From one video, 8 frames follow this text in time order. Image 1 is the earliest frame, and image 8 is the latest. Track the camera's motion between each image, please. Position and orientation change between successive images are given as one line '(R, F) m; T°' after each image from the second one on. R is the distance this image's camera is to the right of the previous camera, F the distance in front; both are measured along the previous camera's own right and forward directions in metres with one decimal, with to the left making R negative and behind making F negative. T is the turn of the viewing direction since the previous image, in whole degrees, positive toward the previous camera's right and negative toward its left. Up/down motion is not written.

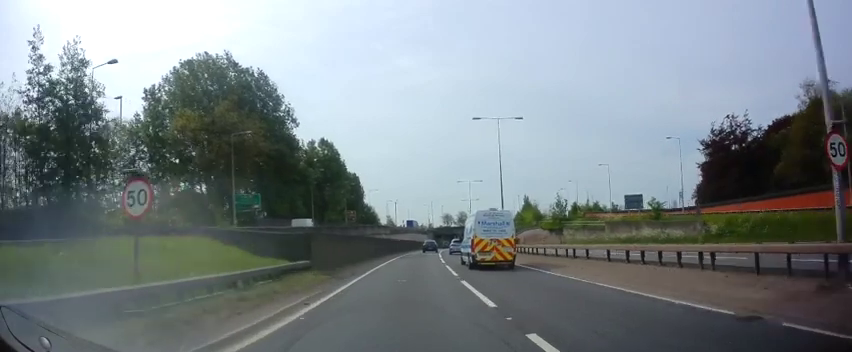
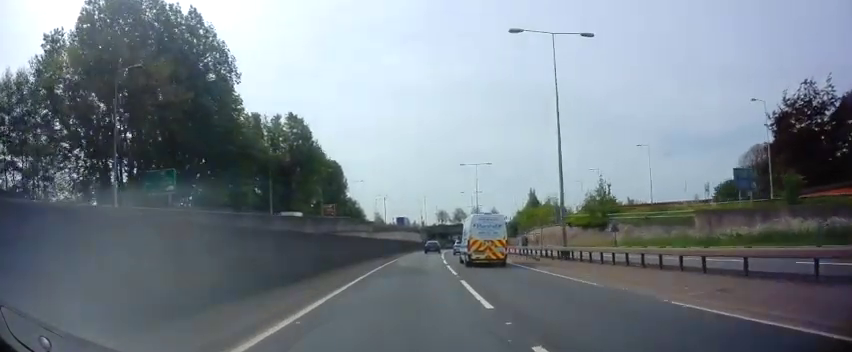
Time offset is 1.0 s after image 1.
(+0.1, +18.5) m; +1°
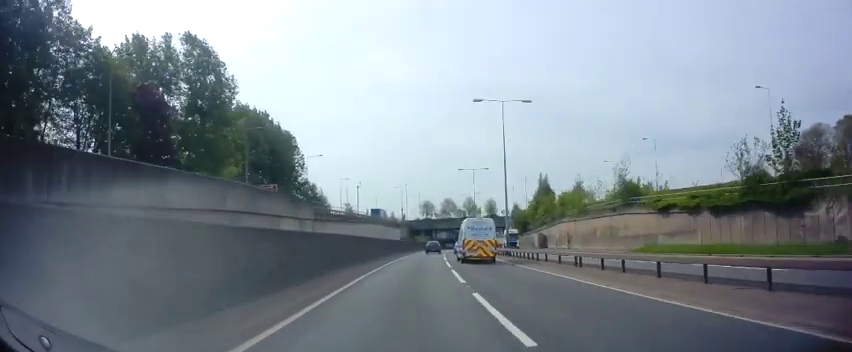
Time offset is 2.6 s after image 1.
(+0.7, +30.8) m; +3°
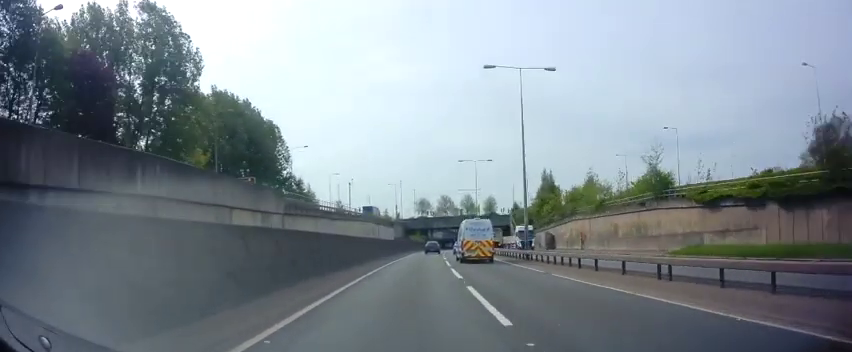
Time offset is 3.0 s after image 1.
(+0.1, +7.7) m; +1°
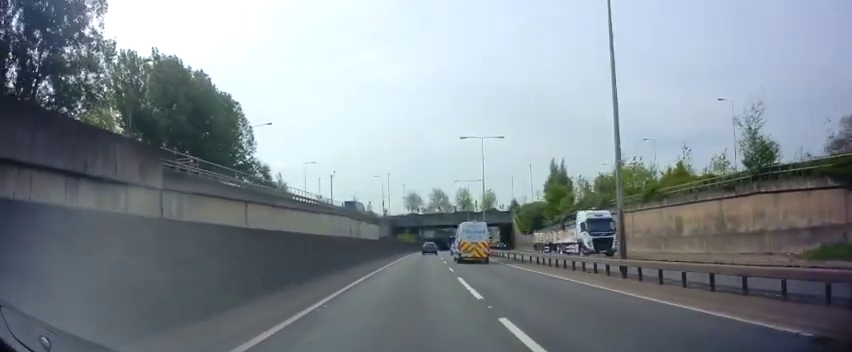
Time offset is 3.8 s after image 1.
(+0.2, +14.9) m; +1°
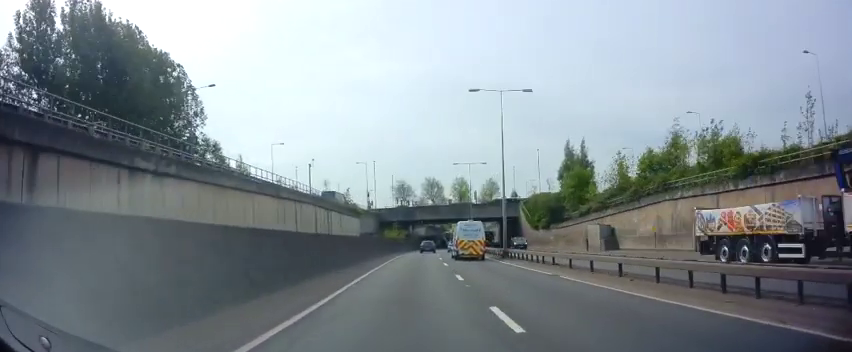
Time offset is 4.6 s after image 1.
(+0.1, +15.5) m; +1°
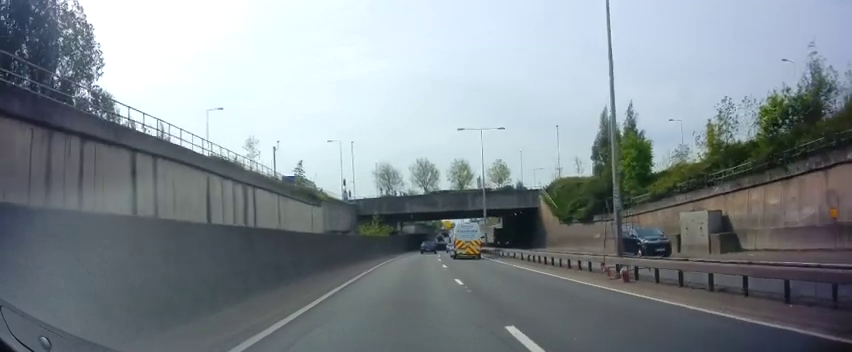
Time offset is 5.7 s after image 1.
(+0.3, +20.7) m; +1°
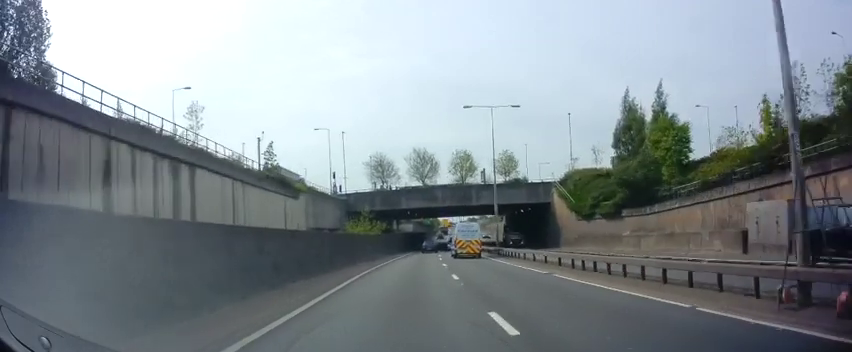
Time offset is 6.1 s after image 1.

++++

_What to produce_. Once more, please print the whole listing exactly, omitting each image.

_Output of the exercise_.
From one video, 8 frames follow this text in time order. Image 1 is the earliest frame, and image 8 is the latest. Track the camera's motion between each image, please. Position and orientation change between successive images are given as one line '(R, F) m; T°' after each image from the second one on. R is the distance this image's camera is to the right of the previous camera, F the distance in front; both are measured along the previous camera's own right and forward directions in metres with one decimal, with to the left making R negative and behind making F negative. T is the turn of the viewing direction since the previous image, in whole degrees, positive toward the previous camera's right and negative toward its left. Up/down motion is not written.

Time offset is 1.0 s after image 1.
(+0.1, +18.5) m; +1°
Time offset is 2.6 s after image 1.
(+0.7, +30.8) m; +3°
Time offset is 3.0 s after image 1.
(+0.1, +7.7) m; +1°
Time offset is 3.8 s after image 1.
(+0.2, +14.9) m; +1°
Time offset is 4.6 s after image 1.
(+0.1, +15.5) m; +1°
Time offset is 5.7 s after image 1.
(+0.3, +20.7) m; +1°
Time offset is 6.1 s after image 1.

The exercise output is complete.